The proxy in singapore could receive large amounts of data for its region (was collecting 500 nvps), but it was unable to send data to the Zabbix server fast enough to prevent a backlog. With a 229ms latency between it and the server in Texas, it was only able to send 1000 values (the current hardcoded max) to the Zabbix server every 2-3 seconds. Inspecting a packet dump showed what was happening. The high latency was causing the transfer to go slow for two reasons:

1. ACK/SYN packets obviously had high amounts of latency due to the distance. The initial connection was slow due to the latency.
2. Send/Receive windows in TCP cause multiple ACKs to occur during the transfer, plus they keep the initial transfer rate slow.
3. As a result of #3, and the behavior of Zabbix to not have a persistent connection, each upload to the Zabbix server of 1000 values takes roughly 2-3 seconds.

What I propose here (and Richlv mentioned in IRC ) is that it would be helpful to have a configuration value for the quantity of values which the Zabbix proxy will send in one connection.

Another thing (that would be far more difficult to implement I'm sure) would be to have a persistent connection to the Zabbix server from the proxy (but that should be another ticket ).



 Comments   
Comment by Alexei Vladishev [ 2013 Jul 19 ]

I believe it should be resolved by allowing server receive incoming data with delayed processing. A configuration parameter for adjusting number of values would help as well, however it may lead to problems if set too high. Zabbix server could be overloaded if we send, for example, 100M of values in one go. There must be some smart logic implemented on server side to avoid it.

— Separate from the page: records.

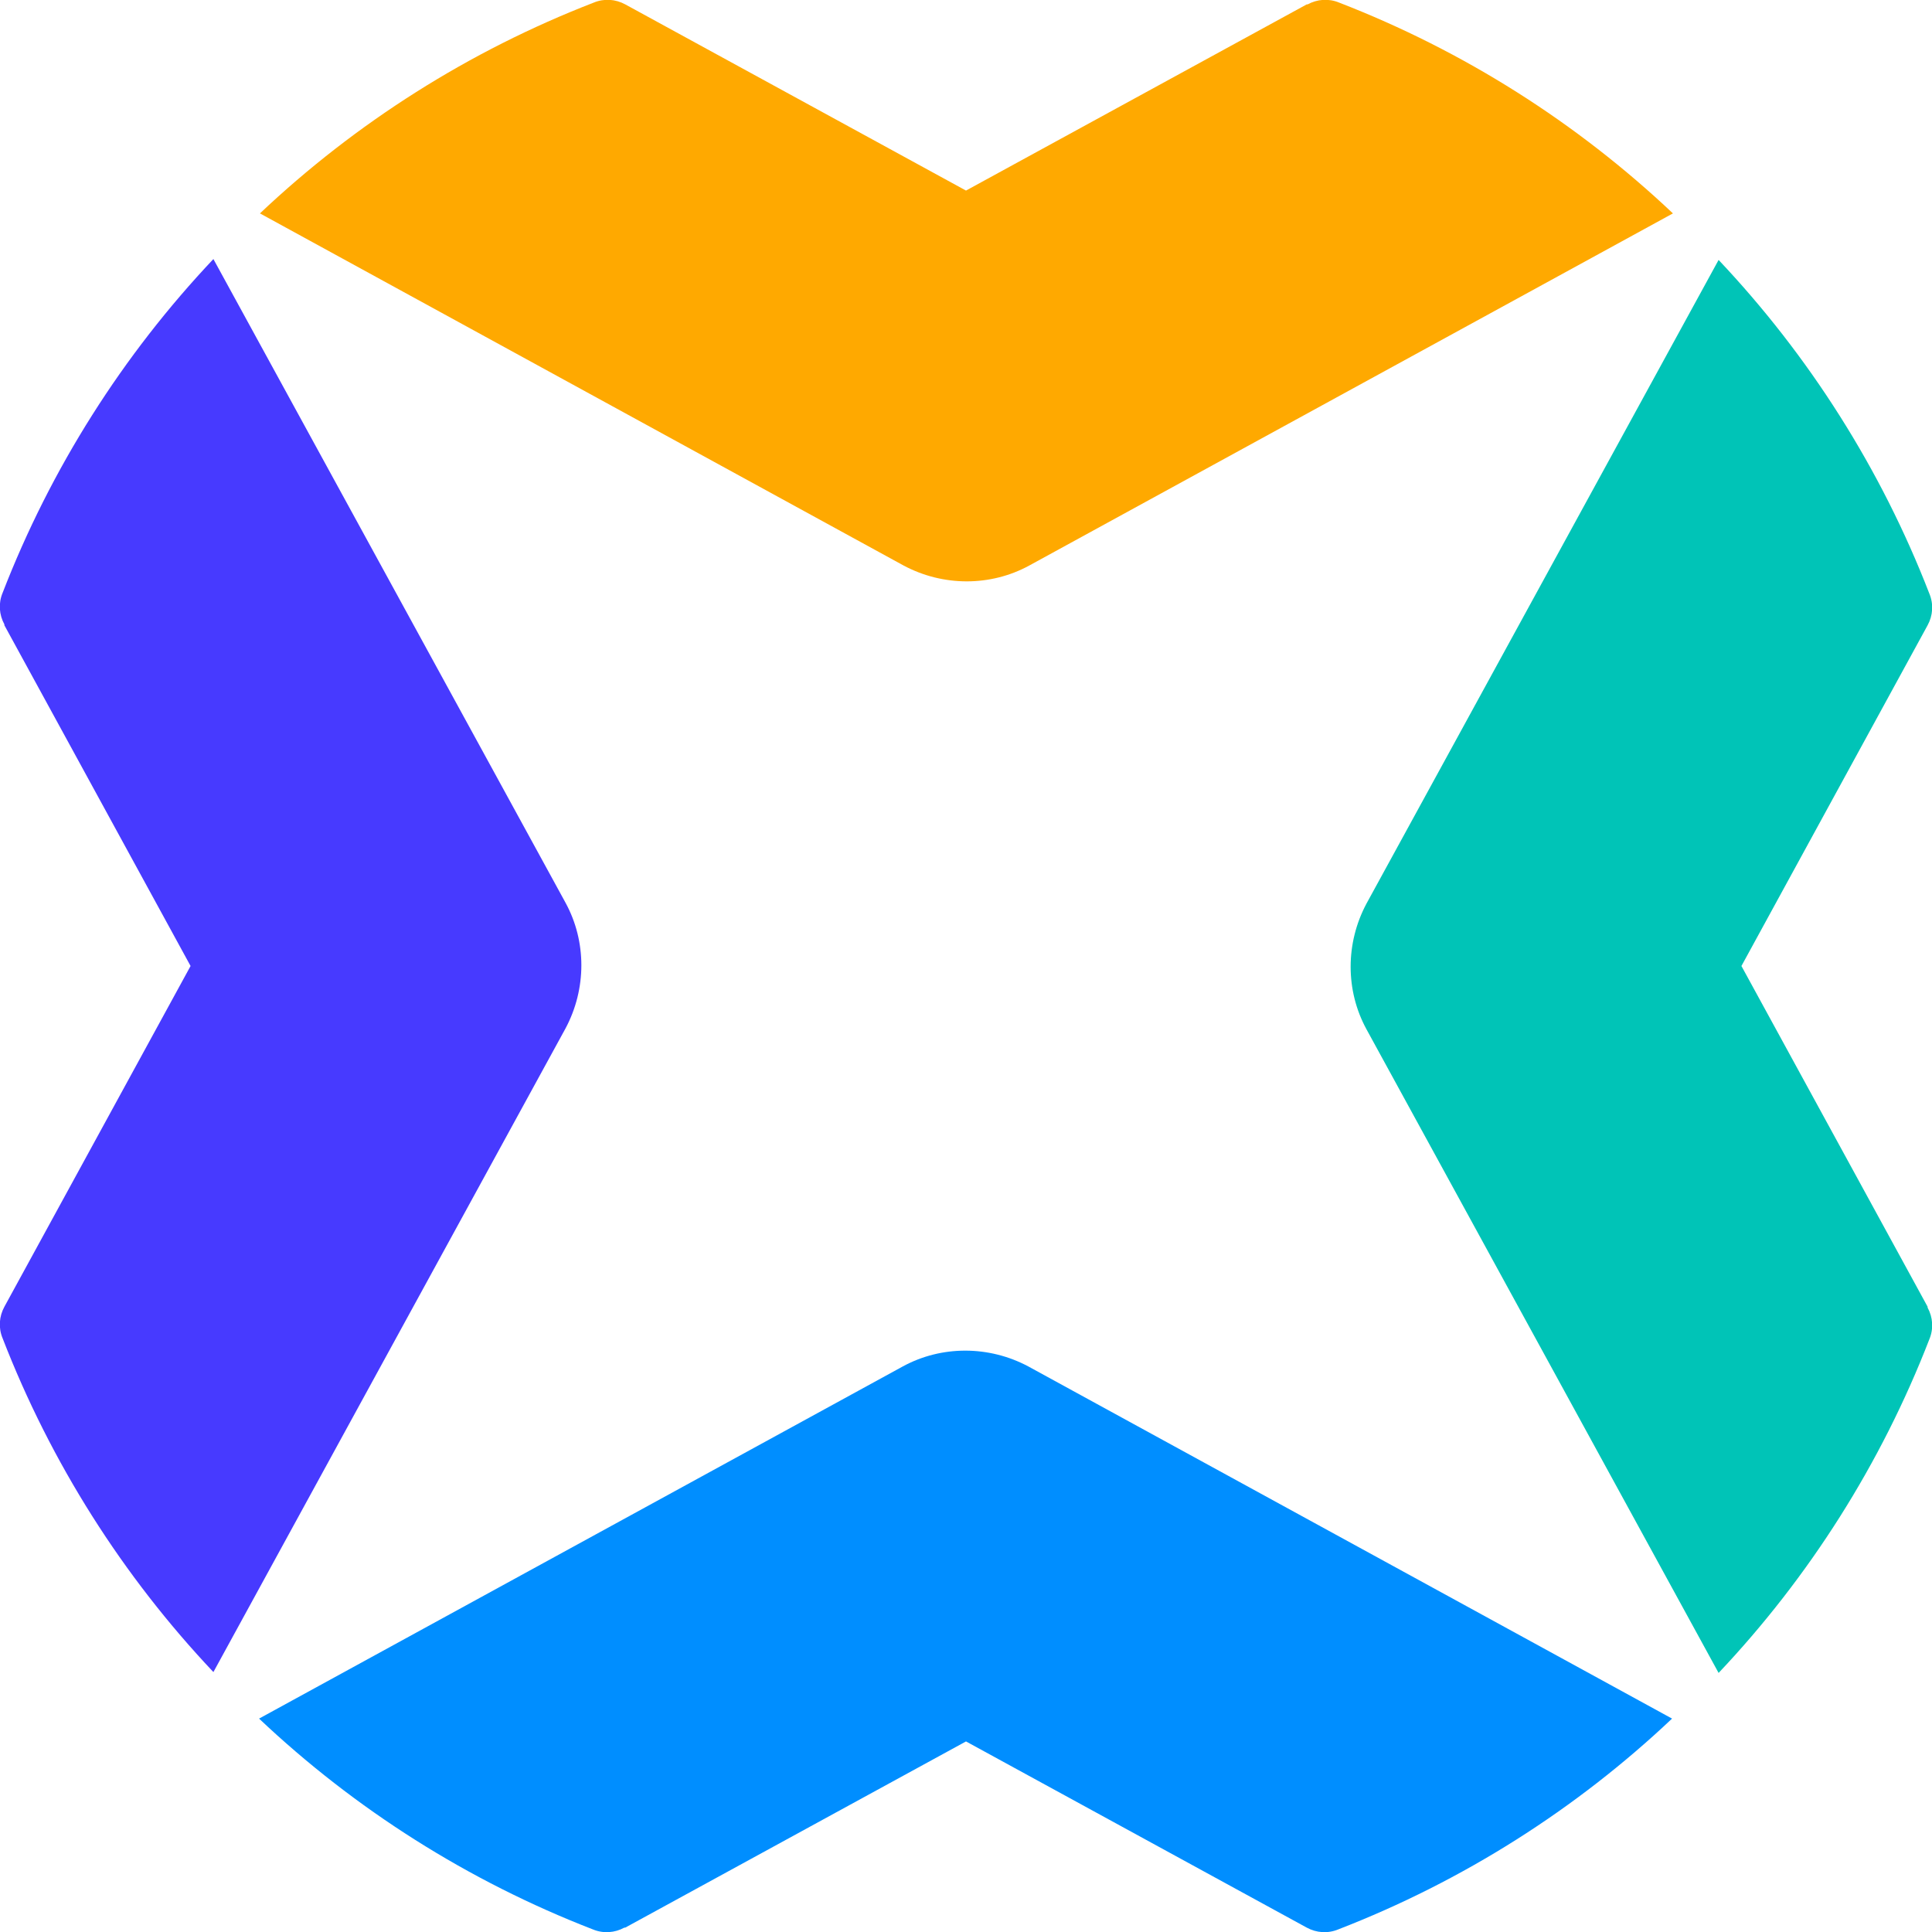 <svg
        width="33"
        height="33"
        viewBox="0 0 22 22"
        xmlns="http://www.w3.org/2000/svg"
>
  <path fill="#ffa900"
        d="m14.88.05l-3.88,2.12L7.12.05c-.11-.06-.24-.07-.36-.02-1.42.55-2.71,1.37-3.8,2.4h0s7.33,4.01,7.33,4.01c.45.24.99.24,1.43,0l7.33-4.01h0c-1.09-1.03-2.38-1.85-3.8-2.4-.12-.05-.25-.04-.36.02Z" />
  <path fill="#008eff"
        d="m7.12,21.95l3.88-2.12,3.88,2.12c.11.06.24.07.36.02,1.42-.55,2.71-1.37,3.8-2.4h0s-7.33-4.01-7.33-4.01c-.45-.24-.99-.24-1.43,0l-7.33,4.01h0c1.09,1.03,2.38,1.85,3.8,2.4.12.05.25.04.36-.02Z" />
  <path fill="#00c4b7"
        d="m21.95,14.88l-2.12-3.88,2.12-3.88c.06-.11.07-.24.02-.36-.55-1.42-1.37-2.71-2.4-3.8h0s-4.01,7.33-4.01,7.33c-.24.45-.24.99,0,1.43l4.01,7.33h0c1.03-1.09,1.85-2.38,2.4-3.8.05-.12.04-.25-.02-.36Z" />
  <path fill="#473aff"
        d="m.05,7.12l2.12,3.88L.05,14.88c-.06.11-.07.24-.02.36.55,1.42,1.37,2.71,2.4,3.8h0s4.01-7.33,4.01-7.33c.24-.45.24-.99,0-1.43L2.43,2.95h0C1.4,4.04.58,5.33.03,6.75c-.05.12-.04.25.02.36Z" />
</svg>

Comment by Marc [ 2014 Apr 15 ]

What about having support for multiple data sender processes?
Right order/timing could become a challenge, though.

Comment by Florian Requardt [ 2014 Apr 15 ]

This seems to be the bottleneck of my proxy as well. So a big +1 from my site as well...

Wouldn´t having support for multiple data sender processes kick the door for building load balanced active/active zabbix cluster server/proxies?

Comment by Oleksii Zagorskyi [ 2016 Apr 14 ]

I think it will be ok to close this one as duplicate of ZBX-5448, closing.

Comment by Alexander Vladishev [ 2016 Sep 24 ]

This issue wasn't fixed in ZBX-5448. Reopening.

Comment by Andris Zeila [ 2016 Nov 16 ]

The number of packets sent (and connections made) from proxy to server was reduced by:

  • sending history, discovery, auto registration and host availability data in one packet
  • increasing the records per packet limit to 10000 and also limiting packet by maximum size (128M is the largest packet accepted by server)

A new request proxy data was added to provide this functionality. However server will still support the old server-proxy data exchange protocol based on host availability, history data, discovery data and auto registration requests, providing backwards compatibility with older proxies.

Fixed in development branch svn://svn.zabbix.com/branches/dev/ZBXNEXT-1804

Comment by Oleksii Zagorskyi [ 2016 Nov 17 ]

(1) [D] Protocol documentation changes should be listed here http://zabbix.org/wiki/Docs/protocols#Protocol_changes
New page should be created here http://zabbix.org/wiki/Docs/protocols/zabbix_proxy/3.4

martins-v I think these pages could be updated by community resources.

Comment by Oleksii Zagorskyi [ 2016 Nov 17 ]

I wonder whenever new limit in 10000 values will be sufficient for all cases or we still need a new ZBXNEXT to be able to adjust it on user level without proxy recompilation ...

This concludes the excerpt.